# Problem:
Restate all data exactly. No images.

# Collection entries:
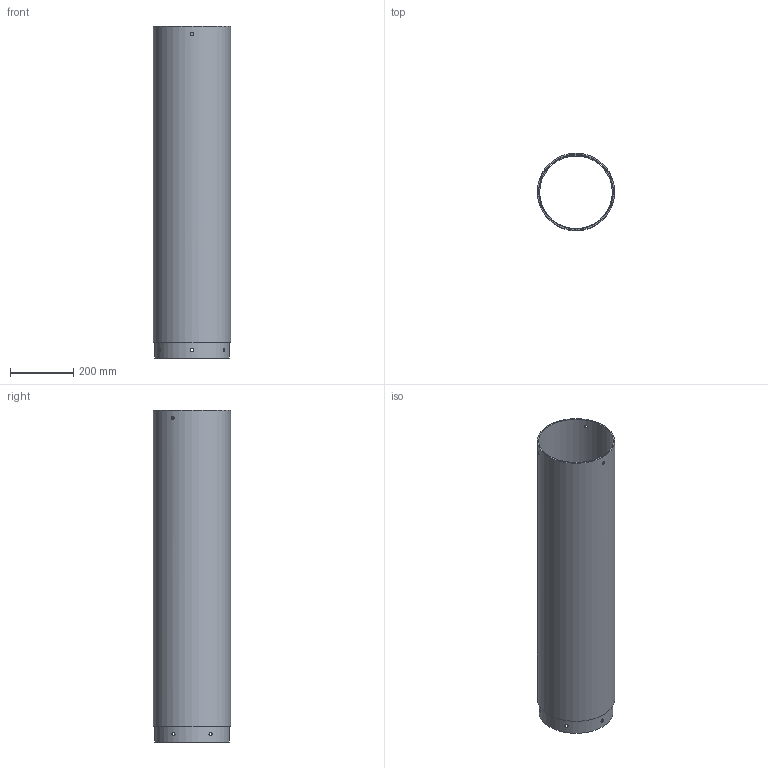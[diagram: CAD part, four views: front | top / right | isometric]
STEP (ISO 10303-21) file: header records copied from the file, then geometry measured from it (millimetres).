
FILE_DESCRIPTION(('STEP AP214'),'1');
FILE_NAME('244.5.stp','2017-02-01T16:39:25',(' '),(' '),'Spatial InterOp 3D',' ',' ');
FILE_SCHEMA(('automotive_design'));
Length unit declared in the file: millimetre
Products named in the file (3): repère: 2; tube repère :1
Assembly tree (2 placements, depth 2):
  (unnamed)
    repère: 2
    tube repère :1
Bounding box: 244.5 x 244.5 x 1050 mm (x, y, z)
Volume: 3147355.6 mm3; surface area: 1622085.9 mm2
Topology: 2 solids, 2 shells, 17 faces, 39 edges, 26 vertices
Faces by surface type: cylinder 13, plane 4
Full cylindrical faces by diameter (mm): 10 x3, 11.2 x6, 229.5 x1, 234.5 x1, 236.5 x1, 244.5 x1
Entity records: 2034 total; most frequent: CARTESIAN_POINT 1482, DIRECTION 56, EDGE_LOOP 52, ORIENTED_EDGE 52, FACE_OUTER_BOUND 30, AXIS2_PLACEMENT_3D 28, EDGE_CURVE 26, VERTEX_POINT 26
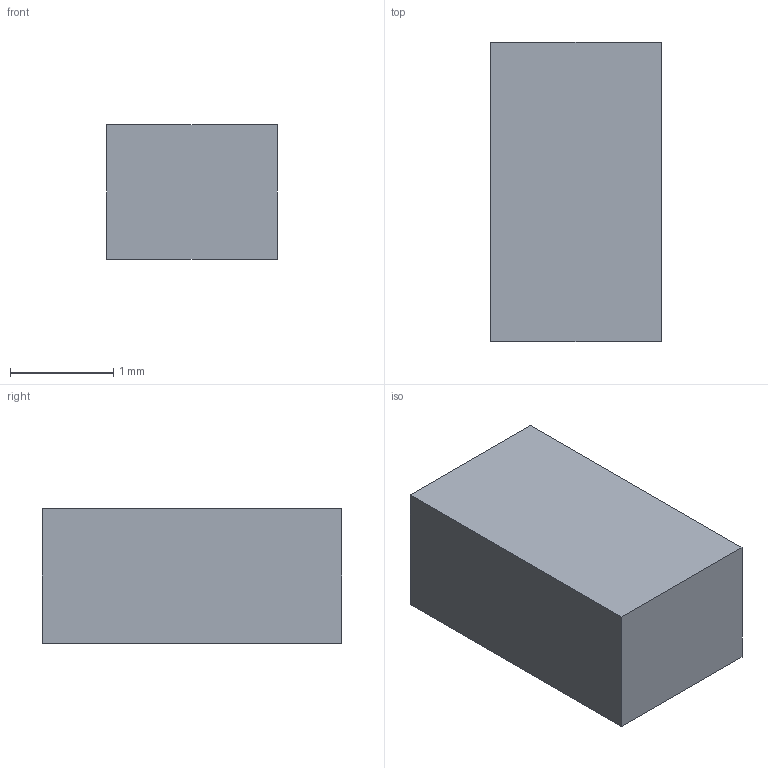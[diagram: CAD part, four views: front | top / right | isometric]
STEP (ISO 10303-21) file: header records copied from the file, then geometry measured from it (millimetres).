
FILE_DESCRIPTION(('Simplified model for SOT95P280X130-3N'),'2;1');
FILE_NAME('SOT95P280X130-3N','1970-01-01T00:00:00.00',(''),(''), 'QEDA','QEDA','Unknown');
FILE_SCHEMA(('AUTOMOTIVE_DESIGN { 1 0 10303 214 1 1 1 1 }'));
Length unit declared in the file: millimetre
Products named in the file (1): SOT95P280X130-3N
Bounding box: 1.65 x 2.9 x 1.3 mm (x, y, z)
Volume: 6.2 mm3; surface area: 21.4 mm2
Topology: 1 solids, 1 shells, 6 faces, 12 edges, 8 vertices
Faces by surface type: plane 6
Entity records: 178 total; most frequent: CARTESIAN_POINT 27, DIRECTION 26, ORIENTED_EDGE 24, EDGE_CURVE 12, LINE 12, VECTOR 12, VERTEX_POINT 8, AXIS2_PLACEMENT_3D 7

# Exercise response:
[diagram: CAD part, four views: front | top / right | isometric]
STEP (ISO 10303-21) file: header records copied from the file, then geometry measured from it (millimetres).
FILE_DESCRIPTION(('STEP AP214'),'1');
FILE_NAME('244.5.stp','2017-02-01T16:39:25',(' '),(' '),'Spatial InterOp 3D',' ',' ');
FILE_SCHEMA(('automotive_design'));
Length unit declared in the file: millimetre
Products named in the file (3): repère: 2; tube repère :1
Assembly tree (2 placements, depth 2):
  (unnamed)
    repère: 2
    tube repère :1
Bounding box: 244.5 x 244.5 x 1050 mm (x, y, z)
Volume: 3147355.6 mm3; surface area: 1622085.9 mm2
Topology: 2 solids, 2 shells, 17 faces, 39 edges, 26 vertices
Faces by surface type: cylinder 13, plane 4
Full cylindrical faces by diameter (mm): 10 x3, 11.2 x6, 229.5 x1, 234.5 x1, 236.5 x1, 244.5 x1
Entity records: 2034 total; most frequent: CARTESIAN_POINT 1482, DIRECTION 56, EDGE_LOOP 52, ORIENTED_EDGE 52, FACE_OUTER_BOUND 30, AXIS2_PLACEMENT_3D 28, EDGE_CURVE 26, VERTEX_POINT 26
[diagram: CAD part, four views: front | top / right | isometric]
STEP (ISO 10303-21) file: header records copied from the file, then geometry measured from it (millimetres).
FILE_DESCRIPTION(('Simplified model for SOT95P280X130-3N'),'2;1');
FILE_NAME('SOT95P280X130-3N','1970-01-01T00:00:00.00',(''),(''), 'QEDA','QEDA','Unknown');
FILE_SCHEMA(('AUTOMOTIVE_DESIGN { 1 0 10303 214 1 1 1 1 }'));
Length unit declared in the file: millimetre
Products named in the file (1): SOT95P280X130-3N
Bounding box: 1.65 x 2.9 x 1.3 mm (x, y, z)
Volume: 6.2 mm3; surface area: 21.4 mm2
Topology: 1 solids, 1 shells, 6 faces, 12 edges, 8 vertices
Faces by surface type: plane 6
Entity records: 178 total; most frequent: CARTESIAN_POINT 27, DIRECTION 26, ORIENTED_EDGE 24, EDGE_CURVE 12, LINE 12, VECTOR 12, VERTEX_POINT 8, AXIS2_PLACEMENT_3D 7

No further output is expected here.